TRY IT: Would you pull out every line of the material that contains the string "miterlimit"?

(WORKING DATA begins)

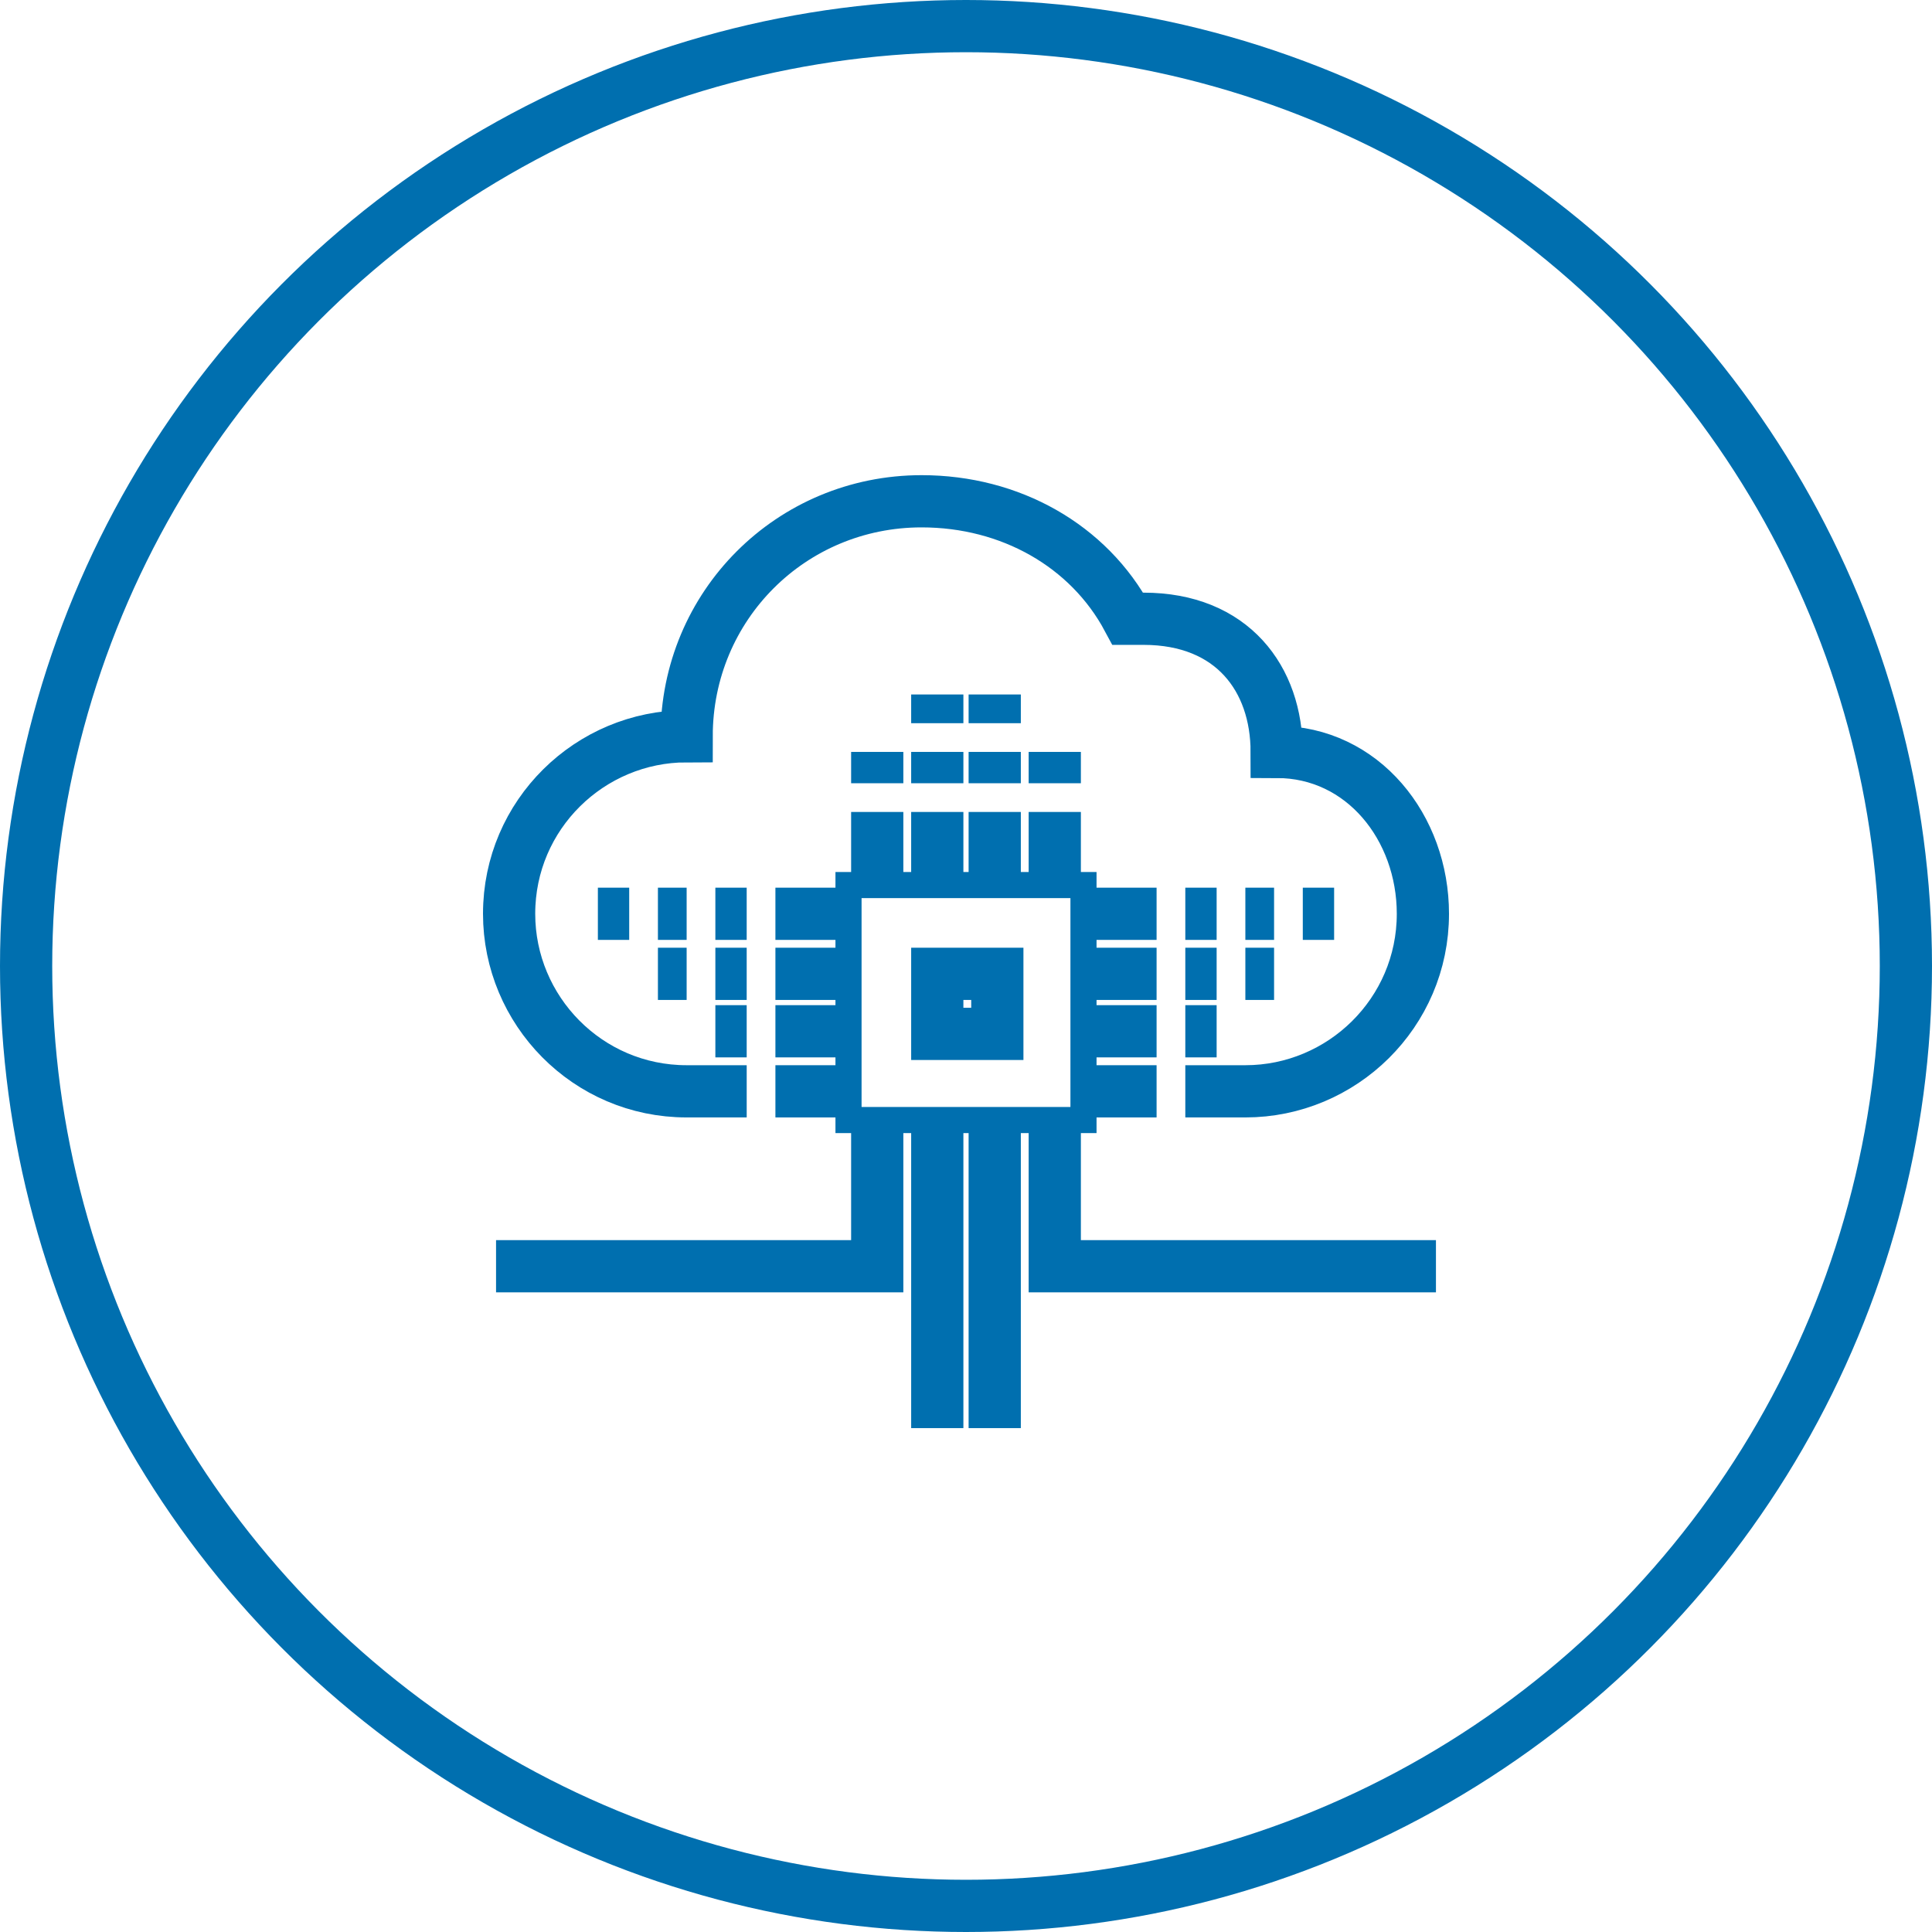 <?xml version="1.0" encoding="utf-8"?>
<!-- Generator: Adobe Illustrator 21.0.2, SVG Export Plug-In . SVG Version: 6.00 Build 0)  -->
<svg version="1.1" id="Layer_1" xmlns="http://www.w3.org/2000/svg" xmlns:xlink="http://www.w3.org/1999/xlink" x="0px" y="0px"
	 viewBox="0 0 74 74" style="enable-background:new 0 0 74 74;" xml:space="preserve">
<style type="text/css">
	.st0{fill:none;stroke:#006FAF;stroke-width:2;stroke-miterlimit:10;}
	.st1{fill:none;stroke:#006FAF;stroke-miterlimit:10;}
</style>
<title>Cloud &amp;amp; Infrastructure Services</title>
<circle class="st0" cx="37" cy="37" r="36"/>
<g>
	<path class="st0" d="M45.4,41.8h2.3c3.7,0,6.8-3,6.8-6.8c0-3.3-2.3-6.2-5.6-6.2c0-2.8-1.7-5.1-5.1-5.1h-0.6
		c-1.5-2.8-4.5-4.5-7.9-4.5c-5,0-9,4-9,9c-3.7,0-6.8,3-6.8,6.8c0,3.7,3,6.8,6.8,6.8h2.3"/>
	<rect x="32.5" y="33.9" class="st1" width="9" height="9"/>
	<line class="st0" x1="33.6" y1="33.9" x2="33.6" y2="31.1"/>
	<line class="st0" x1="35.9" y1="33.9" x2="35.9" y2="31.1"/>
	<line class="st0" x1="38.1" y1="33.9" x2="38.1" y2="31.1"/>
	<line class="st0" x1="40.4" y1="33.9" x2="40.4" y2="31.1"/>
	<line class="st0" x1="35.9" y1="54.7" x2="35.9" y2="42.9"/>
	<line class="st0" x1="38.1" y1="54.7" x2="38.1" y2="42.9"/>
	<line class="st0" x1="41.5" y1="35" x2="44.3" y2="35"/>
	<line class="st0" x1="41.5" y1="37.3" x2="44.3" y2="37.3"/>
	<line class="st0" x1="41.5" y1="39.5" x2="44.3" y2="39.5"/>
	<line class="st0" x1="41.5" y1="41.8" x2="44.3" y2="41.8"/>
	<line class="st0" x1="29.7" y1="35" x2="32.5" y2="35"/>
	<line class="st0" x1="29.7" y1="37.3" x2="32.5" y2="37.3"/>
	<line class="st0" x1="29.7" y1="39.5" x2="32.5" y2="39.5"/>
	<line class="st0" x1="29.7" y1="41.8" x2="32.5" y2="41.8"/>
	<rect x="35.9" y="37.3" class="st0" width="2.3" height="2.3"/>
	<polyline class="st0" points="33.6,42.9 33.6,48.5 19,48.5 	"/>
	<polyline class="st0" points="40.4,42.9 40.4,48.5 55,48.5 	"/>
	<line class="st0" x1="33.6" y1="30" x2="33.6" y2="28.8"/>
	<line class="st0" x1="35.9" y1="30" x2="35.9" y2="28.8"/>
	<line class="st0" x1="35.9" y1="27.7" x2="35.9" y2="26.6"/>
	<line class="st0" x1="38.1" y1="27.7" x2="38.1" y2="26.6"/>
	<line class="st0" x1="38.1" y1="30" x2="38.1" y2="28.8"/>
	<line class="st0" x1="40.4" y1="30" x2="40.4" y2="28.8"/>
	<line class="st0" x1="28.6" y1="35" x2="27.4" y2="35"/>
	<line class="st0" x1="26.3" y1="35" x2="25.2" y2="35"/>
	<line class="st0" x1="28.6" y1="37.3" x2="27.4" y2="37.3"/>
	<line class="st0" x1="26.3" y1="37.3" x2="25.2" y2="37.3"/>
	<line class="st0" x1="28.6" y1="39.5" x2="27.4" y2="39.5"/>
	<line class="st0" x1="24.1" y1="35" x2="22.9" y2="35"/>
	<line class="st0" x1="45.4" y1="35" x2="46.6" y2="35"/>
	<line class="st0" x1="47.7" y1="35" x2="48.8" y2="35"/>
	<line class="st0" x1="45.4" y1="37.3" x2="46.6" y2="37.3"/>
	<line class="st0" x1="47.7" y1="37.3" x2="48.8" y2="37.3"/>
	<line class="st0" x1="45.4" y1="39.5" x2="46.6" y2="39.5"/>
	<line class="st0" x1="49.9" y1="35" x2="51.1" y2="35"/>
</g>
</svg>
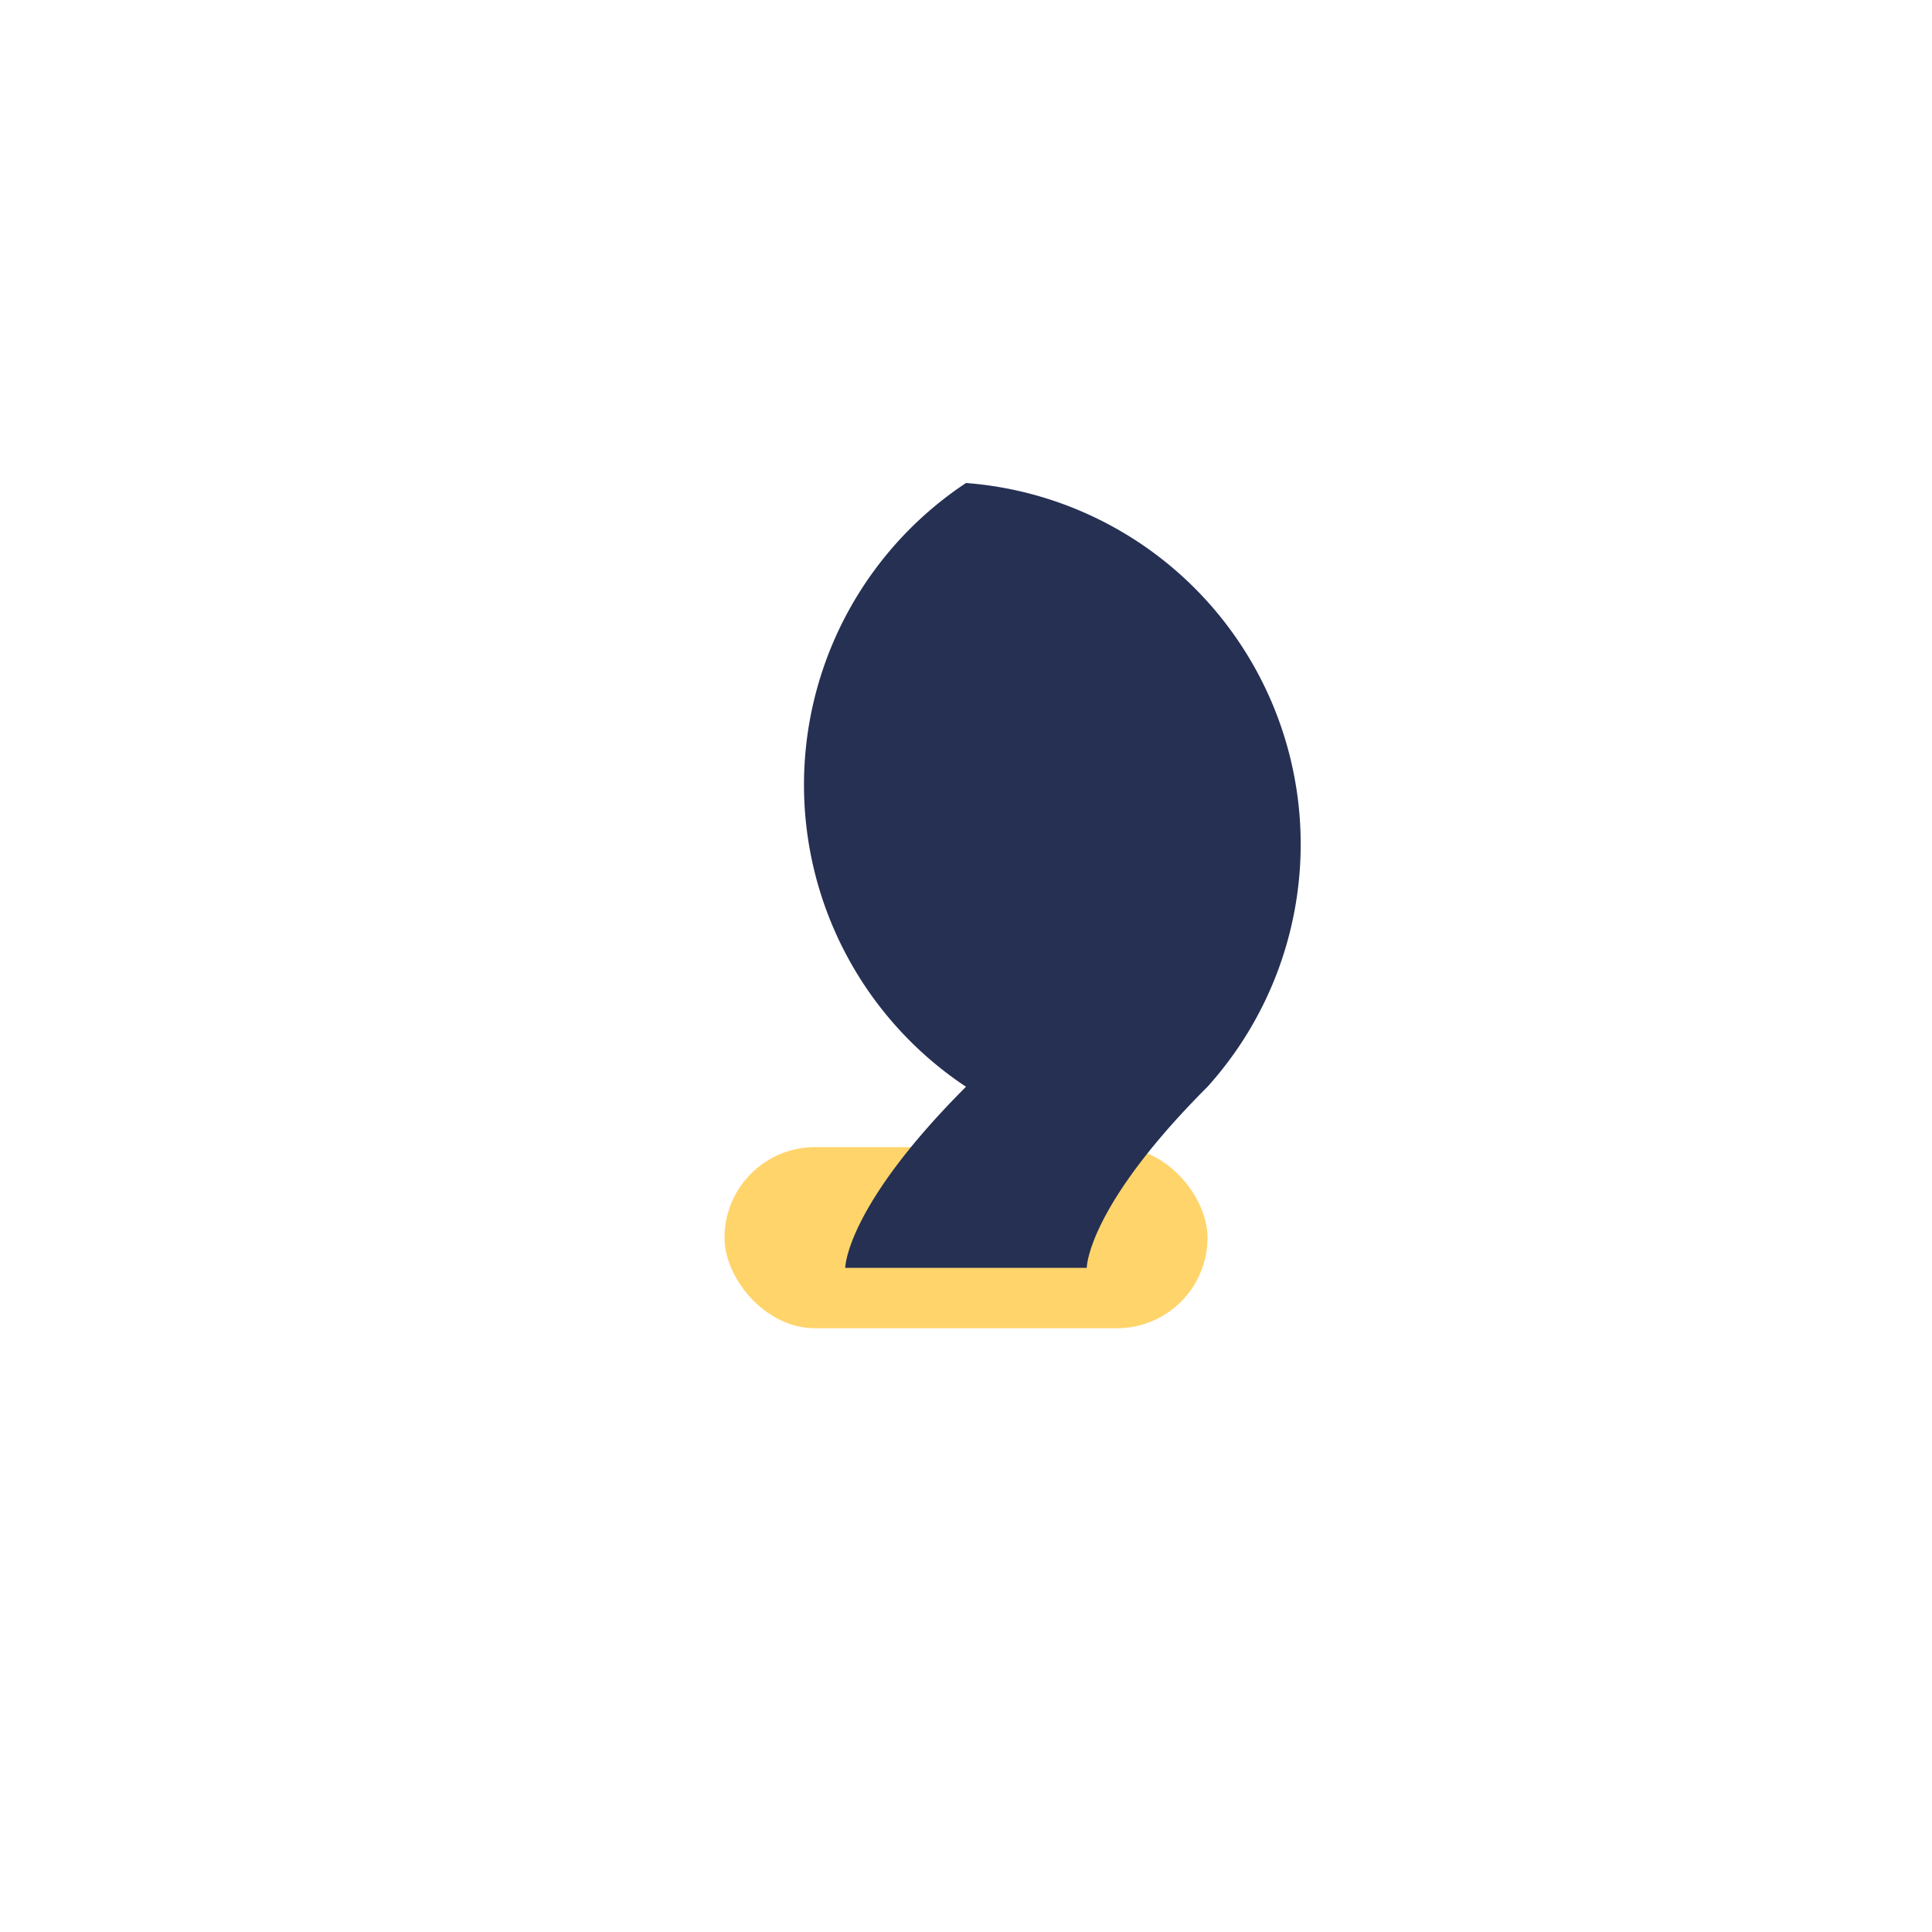 <?xml version="1.0" encoding="UTF-8"?>
<svg xmlns="http://www.w3.org/2000/svg" width="32" height="32" viewBox="0 0 32 32"><rect x="12" y="19" width="8" height="3" rx="1.5" fill="#FFD46B"/><path d="M16 8a6 6 0 0 1 4 10c-2 2-2 3-2 3h-4s0-1 2-3a6 6 0 0 1 0-10z" fill="#253053"/></svg>

(WORKING DATA ends)

ANSWER FOR THIS EXERCISE:
	.st0{fill:none;stroke:#006FAF;stroke-width:2;stroke-miterlimit:10;}
	.st1{fill:none;stroke:#006FAF;stroke-miterlimit:10;}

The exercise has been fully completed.